| How to complete this task |
Each record should reappear exactly in your answer, minus any picture.

____

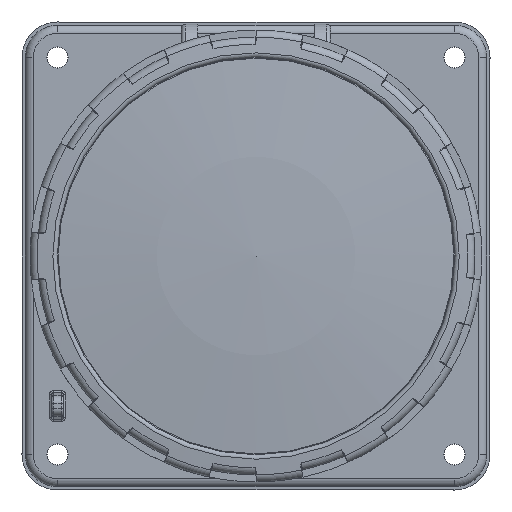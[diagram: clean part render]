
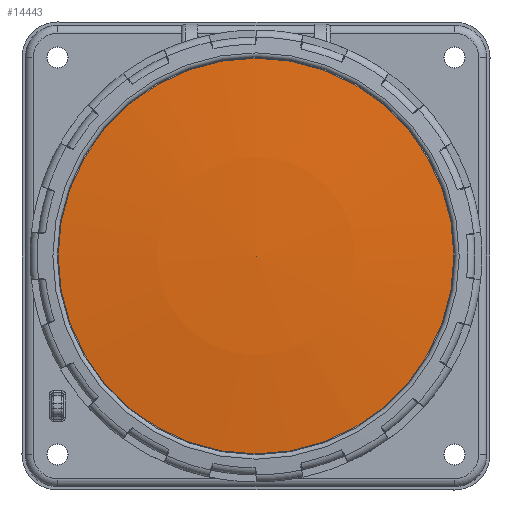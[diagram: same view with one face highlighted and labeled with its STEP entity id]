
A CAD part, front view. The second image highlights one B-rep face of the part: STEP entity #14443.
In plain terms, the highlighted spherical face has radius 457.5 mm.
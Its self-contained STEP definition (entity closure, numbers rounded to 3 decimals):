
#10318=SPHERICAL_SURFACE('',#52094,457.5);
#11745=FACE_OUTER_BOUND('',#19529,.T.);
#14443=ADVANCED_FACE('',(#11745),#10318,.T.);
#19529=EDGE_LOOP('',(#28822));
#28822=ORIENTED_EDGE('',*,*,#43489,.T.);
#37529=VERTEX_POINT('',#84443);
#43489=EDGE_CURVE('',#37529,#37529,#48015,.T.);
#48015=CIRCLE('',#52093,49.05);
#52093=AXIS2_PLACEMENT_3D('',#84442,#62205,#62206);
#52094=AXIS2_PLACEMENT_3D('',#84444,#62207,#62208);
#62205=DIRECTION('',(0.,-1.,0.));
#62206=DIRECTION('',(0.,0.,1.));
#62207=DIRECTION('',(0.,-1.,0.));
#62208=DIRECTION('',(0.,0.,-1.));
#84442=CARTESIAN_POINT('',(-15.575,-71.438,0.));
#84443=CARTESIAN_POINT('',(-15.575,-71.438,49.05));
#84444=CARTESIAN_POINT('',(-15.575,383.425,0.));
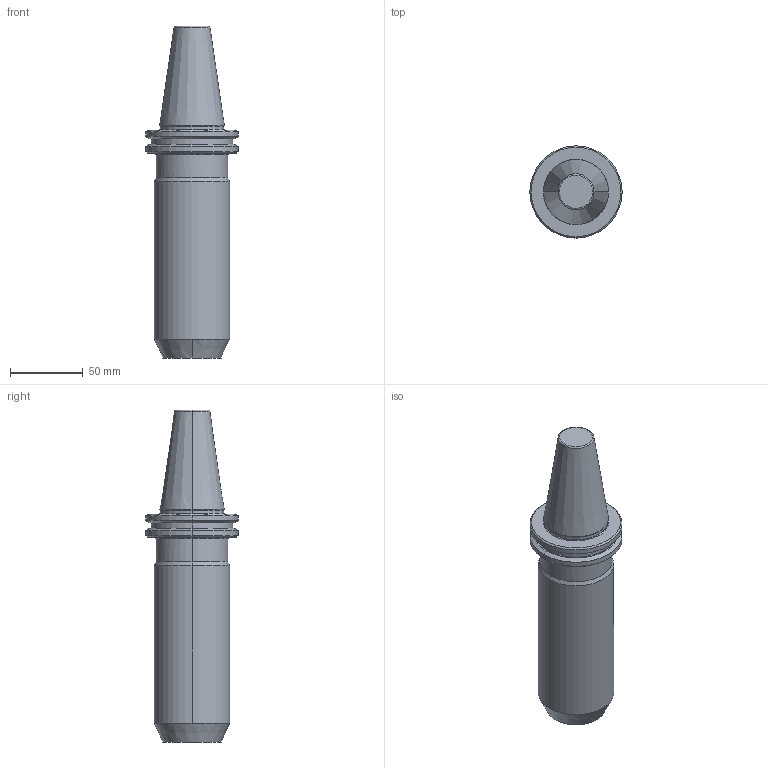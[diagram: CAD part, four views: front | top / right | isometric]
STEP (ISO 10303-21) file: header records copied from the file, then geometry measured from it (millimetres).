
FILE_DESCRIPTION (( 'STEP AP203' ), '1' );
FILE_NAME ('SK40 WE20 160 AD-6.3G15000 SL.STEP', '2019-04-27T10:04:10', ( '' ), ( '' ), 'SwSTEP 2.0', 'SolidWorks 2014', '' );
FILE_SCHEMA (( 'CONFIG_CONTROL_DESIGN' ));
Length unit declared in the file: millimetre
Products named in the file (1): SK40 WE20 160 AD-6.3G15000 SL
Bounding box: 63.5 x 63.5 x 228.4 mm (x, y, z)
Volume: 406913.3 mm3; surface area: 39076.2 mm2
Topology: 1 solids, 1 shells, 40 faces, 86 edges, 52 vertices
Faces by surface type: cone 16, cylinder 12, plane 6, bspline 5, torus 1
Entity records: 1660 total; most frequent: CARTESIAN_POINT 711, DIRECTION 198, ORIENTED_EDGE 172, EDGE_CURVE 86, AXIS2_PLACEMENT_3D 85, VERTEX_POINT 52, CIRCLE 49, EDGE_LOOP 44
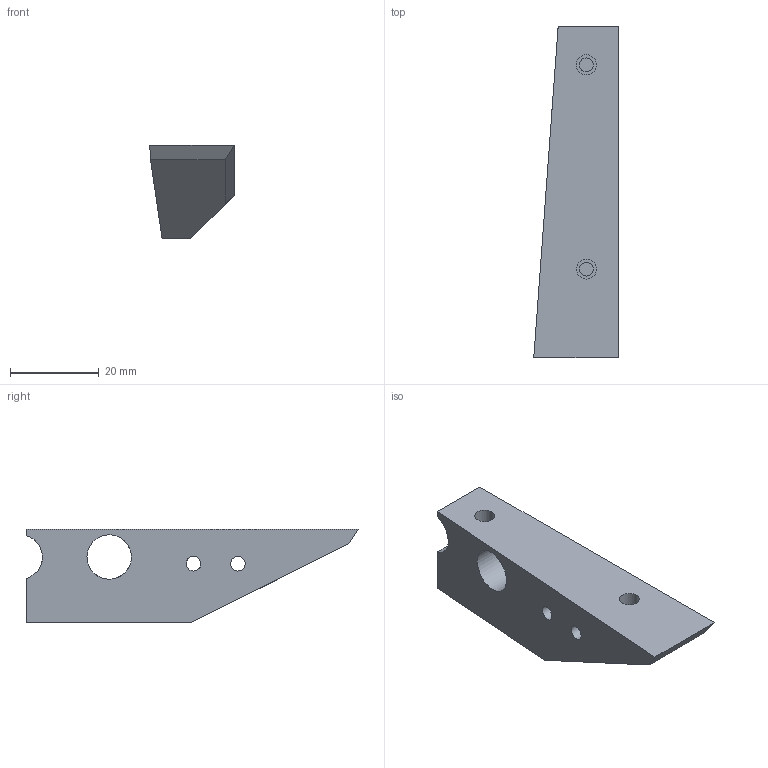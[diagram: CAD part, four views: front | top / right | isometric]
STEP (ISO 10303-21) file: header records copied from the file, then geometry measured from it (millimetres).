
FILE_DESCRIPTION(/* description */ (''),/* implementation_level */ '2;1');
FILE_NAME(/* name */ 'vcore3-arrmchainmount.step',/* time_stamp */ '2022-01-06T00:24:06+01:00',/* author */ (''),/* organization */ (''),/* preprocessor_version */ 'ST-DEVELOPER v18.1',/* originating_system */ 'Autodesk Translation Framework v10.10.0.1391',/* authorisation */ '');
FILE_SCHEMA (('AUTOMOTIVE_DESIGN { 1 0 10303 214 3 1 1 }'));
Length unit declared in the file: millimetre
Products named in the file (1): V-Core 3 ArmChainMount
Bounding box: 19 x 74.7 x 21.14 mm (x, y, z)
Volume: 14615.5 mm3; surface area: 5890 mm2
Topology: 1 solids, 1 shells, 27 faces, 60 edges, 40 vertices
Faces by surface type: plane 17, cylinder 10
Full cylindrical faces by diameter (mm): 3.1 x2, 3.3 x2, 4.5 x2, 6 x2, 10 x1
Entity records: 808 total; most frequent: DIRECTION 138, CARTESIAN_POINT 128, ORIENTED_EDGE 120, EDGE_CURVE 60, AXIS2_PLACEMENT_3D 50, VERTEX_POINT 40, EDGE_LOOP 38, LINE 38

____

| Solution |
[diagram: clean part render]
[diagram: same view with one face highlighted and labeled with its STEP entity id]
A CAD part, front view. The second image highlights one B-rep face of the part: STEP entity #14443.
In plain terms, the highlighted spherical face has radius 457.5 mm.
Its self-contained STEP definition (entity closure, numbers rounded to 3 decimals):
#10318=SPHERICAL_SURFACE('',#52094,457.5);
#11745=FACE_OUTER_BOUND('',#19529,.T.);
#14443=ADVANCED_FACE('',(#11745),#10318,.T.);
#19529=EDGE_LOOP('',(#28822));
#28822=ORIENTED_EDGE('',*,*,#43489,.T.);
#37529=VERTEX_POINT('',#84443);
#43489=EDGE_CURVE('',#37529,#37529,#48015,.T.);
#48015=CIRCLE('',#52093,49.05);
#52093=AXIS2_PLACEMENT_3D('',#84442,#62205,#62206);
#52094=AXIS2_PLACEMENT_3D('',#84444,#62207,#62208);
#62205=DIRECTION('',(0.,-1.,0.));
#62206=DIRECTION('',(0.,0.,1.));
#62207=DIRECTION('',(0.,-1.,0.));
#62208=DIRECTION('',(0.,0.,-1.));
#84442=CARTESIAN_POINT('',(-15.575,-71.438,0.));
#84443=CARTESIAN_POINT('',(-15.575,-71.438,49.05));
#84444=CARTESIAN_POINT('',(-15.575,383.425,0.));
[diagram: CAD part, four views: front | top / right | isometric]
STEP (ISO 10303-21) file: header records copied from the file, then geometry measured from it (millimetres).
FILE_DESCRIPTION (( 'STEP AP203' ), '1' );
FILE_NAME ('SK40 WE20 160 AD-6.3G15000 SL.STEP', '2019-04-27T10:04:10', ( '' ), ( '' ), 'SwSTEP 2.0', 'SolidWorks 2014', '' );
FILE_SCHEMA (( 'CONFIG_CONTROL_DESIGN' ));
Length unit declared in the file: millimetre
Products named in the file (1): SK40 WE20 160 AD-6.3G15000 SL
Bounding box: 63.5 x 63.5 x 228.4 mm (x, y, z)
Volume: 406913.3 mm3; surface area: 39076.2 mm2
Topology: 1 solids, 1 shells, 40 faces, 86 edges, 52 vertices
Faces by surface type: cone 16, cylinder 12, plane 6, bspline 5, torus 1
Entity records: 1660 total; most frequent: CARTESIAN_POINT 711, DIRECTION 198, ORIENTED_EDGE 172, EDGE_CURVE 86, AXIS2_PLACEMENT_3D 85, VERTEX_POINT 52, CIRCLE 49, EDGE_LOOP 44
[diagram: CAD part, four views: front | top / right | isometric]
STEP (ISO 10303-21) file: header records copied from the file, then geometry measured from it (millimetres).
FILE_DESCRIPTION(/* description */ (''),/* implementation_level */ '2;1');
FILE_NAME(/* name */ 'vcore3-arrmchainmount.step',/* time_stamp */ '2022-01-06T00:24:06+01:00',/* author */ (''),/* organization */ (''),/* preprocessor_version */ 'ST-DEVELOPER v18.1',/* originating_system */ 'Autodesk Translation Framework v10.10.0.1391',/* authorisation */ '');
FILE_SCHEMA (('AUTOMOTIVE_DESIGN { 1 0 10303 214 3 1 1 }'));
Length unit declared in the file: millimetre
Products named in the file (1): V-Core 3 ArmChainMount
Bounding box: 19 x 74.7 x 21.14 mm (x, y, z)
Volume: 14615.5 mm3; surface area: 5890 mm2
Topology: 1 solids, 1 shells, 27 faces, 60 edges, 40 vertices
Faces by surface type: plane 17, cylinder 10
Full cylindrical faces by diameter (mm): 3.1 x2, 3.3 x2, 4.5 x2, 6 x2, 10 x1
Entity records: 808 total; most frequent: DIRECTION 138, CARTESIAN_POINT 128, ORIENTED_EDGE 120, EDGE_CURVE 60, AXIS2_PLACEMENT_3D 50, VERTEX_POINT 40, EDGE_LOOP 38, LINE 38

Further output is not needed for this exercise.